|Title||Comparison of Pretest Item Calibration Methods in a Computerized Adaptive Test (CAT)|
|Publication Type||Conference Paper|
|Year of Publication||2017|
|Authors||Meng, H, Han, C|
|Conference Name||IACAT 2017 Conference|
|Publisher||Niigata Seiryo University|
|Conference Location||Niigata, Japan|
|Keywords||CAT, Pretest Item Calibration|
Calibration methods for pretest items in a computerized adaptive test (CAT) are not a new area of research inquiry. After decades of research on CAT, the fixed item parameter calibration (FIPC) method has been widely accepted and used by practitioners to address two CAT calibration issues: (a) a restricted ability range each item is exposed to, and (b) a sparse response data matrix. In FIPC, the parameters of the operational items are fixed at their original values, and multiple expectation maximization (EM) cycles are used to estimate parameters of the pretest items with prior ability distribution being updated multiple times (Ban, Hanson, Wang, Yi, & Harris, 2001; Kang & Peterson, 2009; Pommerich & Segall, 2003).
Another calibration method is the fixed person parameter calibration (FPPC) method proposed by Stocking (1988) as “Method A.” Under this approach, candidates’ ability estimates are fixed in the calibration of pretest items and they define the scale on which the parameter estimates are reported. The logic of FPPC is suitable for CAT applications because the person parameters are estimated based on operational items and available for pretest item calibration. In Stocking (1988), the FPPC was evaluated using the LOGIST computer program developed by Wood, Wingersky, and Lord (1976). He reported that “Method A” produced larger root mean square errors (RMSEs) in the middle ability range than “Method B,” which required the use of anchor items (administered non-adaptively) and linking steps to attempt to correct for the potential scale drift due to the use of imperfect ability estimates.
Since then, new commercial software tools such as BILOG-MG and flexMIRT (Cai, 2013) have been developed to handle the FPPC method with different implementations (e.g., the MH-RM algorithm with flexMIRT). The performance of the FPPC method with those new software tools, however, has rarely been researched in the literature.

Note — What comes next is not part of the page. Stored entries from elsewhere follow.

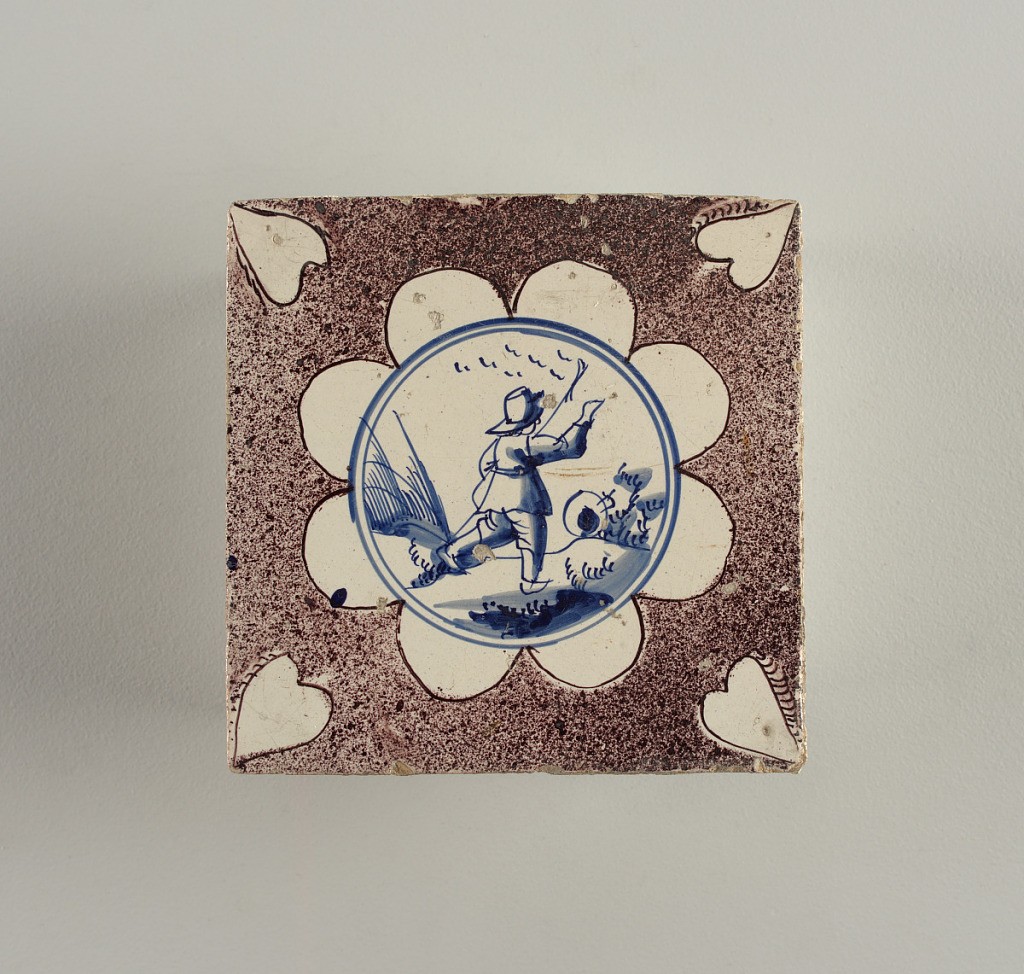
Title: Tile
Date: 18th century
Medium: Tin-enamelled earthenware
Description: Square tile with octofoil rosette centered with double walled circle enclosing landscape with shepherd and staff, facing right, in cobalt blue. Ground stippled manganese violet. Heart-shaped reserves at corners with short curved lines along one side.

In our study, we evaluated the performance of two pretest item calibration methods using flexMIRT, the new software tool. The FIPC and FPPC are compared under various CAT settings. Each simulated exam contains 75% operational items and 25% pretest items, and real item parameters are used to generate the CAT data. This study also addresses the lack of guidelines in existing CAT item calibration literature regarding population ability shift and exam length (more accurate theta estimates are expected in longer exams). Thus, this study also investigates the following four factors and their impact on parameter estimation accuracy, including: (1) candidate population changes (3 ability distributions); (2) exam length (20: 15 OP + 5 PT, 40: 30 OP + 10 PT, and 60: 45 OP + 15 PT); (3) data model fit (3PL and 3PL with fixed C), and (4) pretest item calibration sample sizes (300, 500, and 1000). This study’s findings will fill the gap in this area of research and thus provide new information on which practitioners can base their decisions when selecting a pretest calibration method for their exams.
Ban, J. C., Hanson, B. A., Wang, T., Yi, Q., & Harris, D. J. (2001). A comparative study of online pretest item—Calibration/scaling methods in computerized adaptive testing. Journal of Educational Measurement, 38(3), 191–212.
Cai, L. (2013). flexMIRT® Flexible Multilevel Multidimensional Item Analysis and Test Scoring (Version 2) [Computer software]. Chapel Hill, NC: Vector Psychometric Group.
Kang, T., & Petersen, N. S. (2009). Linking item parameters to a base scale (Research Report No. 2009– 2). Iowa City, IA: ACT.
Pommerich, M., & Segall, D.O. (2003, April). Calibrating CAT pools and online pretest items using marginal maximum likelihood methods. Paper presented at the annual meeting of the National Council on Measurement in Education, Chicago, IL.
Stocking, M. L. (1988). Scale drift in online calibration (Research Report No. 88–28). Princeton, NJ: Educational Testing Service.
Wood, R. L., Wingersky, M. S., & Lord, F. M. (1976). LOGIST: A computer program for estimating examinee ability and item characteristic curve parameters (RM76-6) [Computer program]. Princeton, NJ: Educational Testing Service.